Ze zeiden het echt. De geheime diensten AIVD en MIVD krijgen binnenkort een nieuwe wet waarmee ze makkelijker en vaker kunnen afluisteren en hacken. Vorige week legden ze het voorstel uit in de Eerste Kamer, en claimden daar dat hun nieuwe wet eigenlijk een privacywet is (!).

Nou wist ik al dat het niet best gesteld was met ons besef van privacy, maar dit is toch wel heel Orwelliaans. Oorlog is vrede, onwetendheid is kracht, afgeluisterd worden is privacy?
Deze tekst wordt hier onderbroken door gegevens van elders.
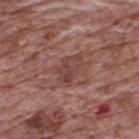Q: Was a biopsy performed?
A: no biopsy performed (imaged during a skin exam)
Q: What is the imaging modality?
A: 15 mm crop, total-body photography
Q: What is the anatomic site?
A: the upper back
Q: Patient demographics?
A: male, aged 68 to 72
Q: Lesion size?
A: about 4 mm
Q: What lighting was used for the tile?
A: white-light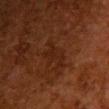| key | value |
|---|---|
| follow-up | catalogued during a skin exam; not biopsied |
| patient | female, aged around 50 |
| image-analysis metrics | a footprint of about 7 mm², a shape eccentricity near 0.85, and a symmetry-axis asymmetry near 0.45; roughly 4 lightness units darker than nearby skin and a normalized border contrast of about 5.5; a border-irregularity rating of about 7/10 and a within-lesion color-variation index near 1.5/10 |
| image | ~15 mm crop, total-body skin-cancer survey |
| size | ≈4.5 mm |
| location | the chest |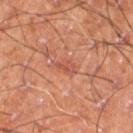Clinical impression: Recorded during total-body skin imaging; not selected for excision or biopsy. Context: On the right thigh. Automated tile analysis of the lesion measured roughly 7 lightness units darker than nearby skin. A roughly 15 mm field-of-view crop from a total-body skin photograph. The subject is a male about 60 years old. Imaged with cross-polarized lighting. Approximately 2.5 mm at its widest.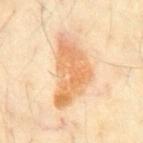Impression:
Captured during whole-body skin photography for melanoma surveillance; the lesion was not biopsied.
Image and clinical context:
A 15 mm close-up extracted from a 3D total-body photography capture. The subject is a male aged approximately 65. On the chest.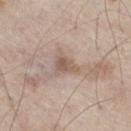workup=catalogued during a skin exam; not biopsied | lesion diameter=about 3 mm | image source=~15 mm tile from a whole-body skin photo | tile lighting=white-light illumination | body site=the right thigh | patient=male, approximately 60 years of age | automated lesion analysis=a lesion area of about 4 mm², an eccentricity of roughly 0.75, and two-axis asymmetry of about 0.35; a lesion color around L≈56 a*≈16 b*≈25 in CIELAB and about 10 CIELAB-L* units darker than the surrounding skin; a border-irregularity index near 3/10, a color-variation rating of about 4/10, and peripheral color asymmetry of about 1.5; an automated nevus-likeness rating near 0 out of 100 and a detector confidence of about 100 out of 100 that the crop contains a lesion.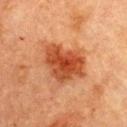Captured during whole-body skin photography for melanoma surveillance; the lesion was not biopsied. Longest diameter approximately 6 mm. Captured under cross-polarized illumination. On the chest. A roughly 15 mm field-of-view crop from a total-body skin photograph. A female patient aged around 60.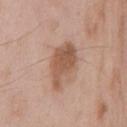Impression: The lesion was tiled from a total-body skin photograph and was not biopsied. Background: From the front of the torso. A male patient, aged approximately 65. A 15 mm crop from a total-body photograph taken for skin-cancer surveillance. About 5.5 mm across. Captured under white-light illumination.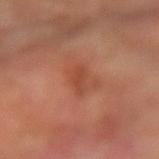Acquisition and patient details: A male subject aged 48–52. Approximately 3 mm at its widest. The lesion is located on the left arm. Captured under cross-polarized illumination. Automated image analysis of the tile measured an area of roughly 3 mm², a shape eccentricity near 0.9, and a shape-asymmetry score of about 0.35 (0 = symmetric). And it measured a mean CIELAB color near L≈46 a*≈28 b*≈33, about 7 CIELAB-L* units darker than the surrounding skin, and a normalized border contrast of about 6. The analysis additionally found a border-irregularity index near 3.5/10, internal color variation of about 1 on a 0–10 scale, and a peripheral color-asymmetry measure near 0. This image is a 15 mm lesion crop taken from a total-body photograph.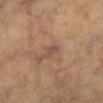{"biopsy_status": "not biopsied; imaged during a skin examination", "lighting": "cross-polarized", "patient": {"sex": "female", "age_approx": 60}, "lesion_size": {"long_diameter_mm_approx": 3.0}, "site": "left lower leg", "automated_metrics": {"cielab_L": 45, "cielab_a": 17, "cielab_b": 23, "vs_skin_darker_L": 6.0, "vs_skin_contrast_norm": 6.0, "border_irregularity_0_10": 3.0, "color_variation_0_10": 1.5, "peripheral_color_asymmetry": 0.5}, "image": {"source": "total-body photography crop", "field_of_view_mm": 15}}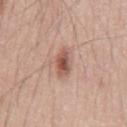Q: Is there a histopathology result?
A: total-body-photography surveillance lesion; no biopsy
Q: What are the patient's age and sex?
A: male, aged around 55
Q: What kind of image is this?
A: 15 mm crop, total-body photography
Q: Lesion size?
A: ≈3.5 mm
Q: Illumination type?
A: white-light illumination
Q: Where on the body is the lesion?
A: the chest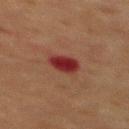imaging modality = ~15 mm tile from a whole-body skin photo
location = the mid back
patient = male, aged 48–52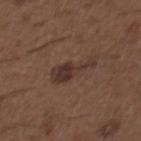<case>
<image>
  <source>total-body photography crop</source>
  <field_of_view_mm>15</field_of_view_mm>
</image>
<site>back</site>
<lesion_size>
  <long_diameter_mm_approx>5.5</long_diameter_mm_approx>
</lesion_size>
<patient>
  <sex>male</sex>
  <age_approx>50</age_approx>
</patient>
</case>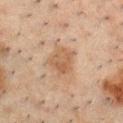follow-up: imaged on a skin check; not biopsied | lesion diameter: ≈4 mm | anatomic site: the chest | acquisition: 15 mm crop, total-body photography | TBP lesion metrics: a footprint of about 9 mm², an outline eccentricity of about 0.55 (0 = round, 1 = elongated), and two-axis asymmetry of about 0.25; a classifier nevus-likeness of about 10/100 and a detector confidence of about 100 out of 100 that the crop contains a lesion | subject: male, aged 48 to 52 | tile lighting: cross-polarized illumination.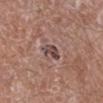A 15 mm close-up extracted from a 3D total-body photography capture. About 3 mm across. On the left lower leg. A male subject aged around 60. The tile uses white-light illumination.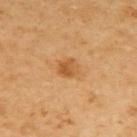notes — imaged on a skin check; not biopsied | subject — female, aged approximately 55 | site — the back | lesion diameter — about 2.5 mm | image-analysis metrics — an area of roughly 4.5 mm², a shape eccentricity near 0.45, and a symmetry-axis asymmetry near 0.15 | imaging modality — 15 mm crop, total-body photography.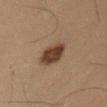  lighting: cross-polarized
  patient:
    sex: male
    age_approx: 55
  site: arm
  image:
    source: total-body photography crop
    field_of_view_mm: 15
  automated_metrics:
    vs_skin_darker_L: 11.0
    vs_skin_contrast_norm: 10.5
    border_irregularity_0_10: 2.0
    color_variation_0_10: 3.0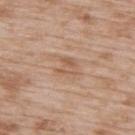Findings:
* workup · catalogued during a skin exam; not biopsied
* imaging modality · 15 mm crop, total-body photography
* automated lesion analysis · a lesion area of about 4.5 mm² and a shape-asymmetry score of about 0.45 (0 = symmetric); an average lesion color of about L≈57 a*≈19 b*≈31 (CIELAB) and a lesion-to-skin contrast of about 5.5 (normalized; higher = more distinct); border irregularity of about 4.5 on a 0–10 scale, a within-lesion color-variation index near 4/10, and peripheral color asymmetry of about 1.5; a nevus-likeness score of about 10/100 and a lesion-detection confidence of about 100/100
* patient · male, aged approximately 50
* diameter · ≈2.5 mm
* site · the upper back
* illumination · white-light illumination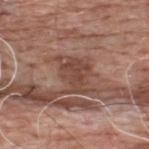This lesion was catalogued during total-body skin photography and was not selected for biopsy.
Longest diameter approximately 4.5 mm.
Located on the back.
Imaged with white-light lighting.
A male subject roughly 60 years of age.
Cropped from a whole-body photographic skin survey; the tile spans about 15 mm.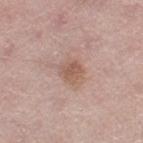Clinical impression: Imaged during a routine full-body skin examination; the lesion was not biopsied and no histopathology is available. Background: A lesion tile, about 15 mm wide, cut from a 3D total-body photograph. Imaged with white-light lighting. From the left thigh. An algorithmic analysis of the crop reported a shape eccentricity near 0.3 and two-axis asymmetry of about 0.25. It also reported a lesion–skin lightness drop of about 9 and a lesion-to-skin contrast of about 6.5 (normalized; higher = more distinct). The subject is a female roughly 60 years of age.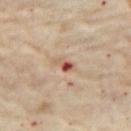Q: Is there a histopathology result?
A: total-body-photography surveillance lesion; no biopsy
Q: What did automated image analysis measure?
A: a lesion–skin lightness drop of about 13; a lesion-detection confidence of about 100/100
Q: Where on the body is the lesion?
A: the right thigh
Q: Who is the patient?
A: female, approximately 60 years of age
Q: What lighting was used for the tile?
A: cross-polarized illumination
Q: How was this image acquired?
A: total-body-photography crop, ~15 mm field of view
Q: What is the lesion's diameter?
A: ≈2.5 mm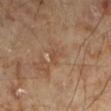Q: Is there a histopathology result?
A: catalogued during a skin exam; not biopsied
Q: Who is the patient?
A: male, in their 70s
Q: What is the lesion's diameter?
A: about 2.5 mm
Q: How was the tile lit?
A: cross-polarized illumination
Q: What did automated image analysis measure?
A: an average lesion color of about L≈47 a*≈18 b*≈30 (CIELAB) and a lesion–skin lightness drop of about 6; a nevus-likeness score of about 0/100 and a lesion-detection confidence of about 95/100
Q: What is the anatomic site?
A: the leg
Q: What kind of image is this?
A: total-body-photography crop, ~15 mm field of view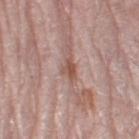Notes:
• follow-up · total-body-photography surveillance lesion; no biopsy
• illumination · white-light illumination
• acquisition · ~15 mm crop, total-body skin-cancer survey
• patient · female, roughly 65 years of age
• site · the left leg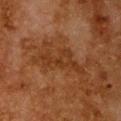Assessment: The lesion was tiled from a total-body skin photograph and was not biopsied. Context: The lesion is on the chest. An algorithmic analysis of the crop reported a lesion color around L≈29 a*≈20 b*≈30 in CIELAB, a lesion–skin lightness drop of about 6, and a normalized lesion–skin contrast near 6.5. The analysis additionally found a border-irregularity index near 9.5/10, a within-lesion color-variation index near 2.5/10, and peripheral color asymmetry of about 0.5. A region of skin cropped from a whole-body photographic capture, roughly 15 mm wide. A female subject, about 50 years old. The tile uses cross-polarized illumination.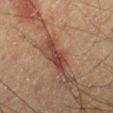imaging modality: ~15 mm crop, total-body skin-cancer survey; body site: the left lower leg; subject: male, about 60 years old.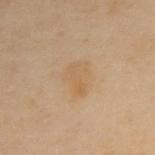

De tekenen waren er overigens al wel naar. Volgens deze nieuwe wet, eerder besproken in de Volkskrant, mogen onze diensten iedere internet- en telefoonkabel een heel jaar ‘verkennen’ door al het verkeer af te luisteren en op te slaan op harde schijven, en indien nodig te delen met het buitenland. Maar, zo vertelde demissionair minister de Jonge ons keer op keer: dit is alleen verkennen en serieus geen afluisteren. Al noemt de wet het wel zo, en staan je (telefoon)gesprekken daar wel op disk en worden ze bestudeerd.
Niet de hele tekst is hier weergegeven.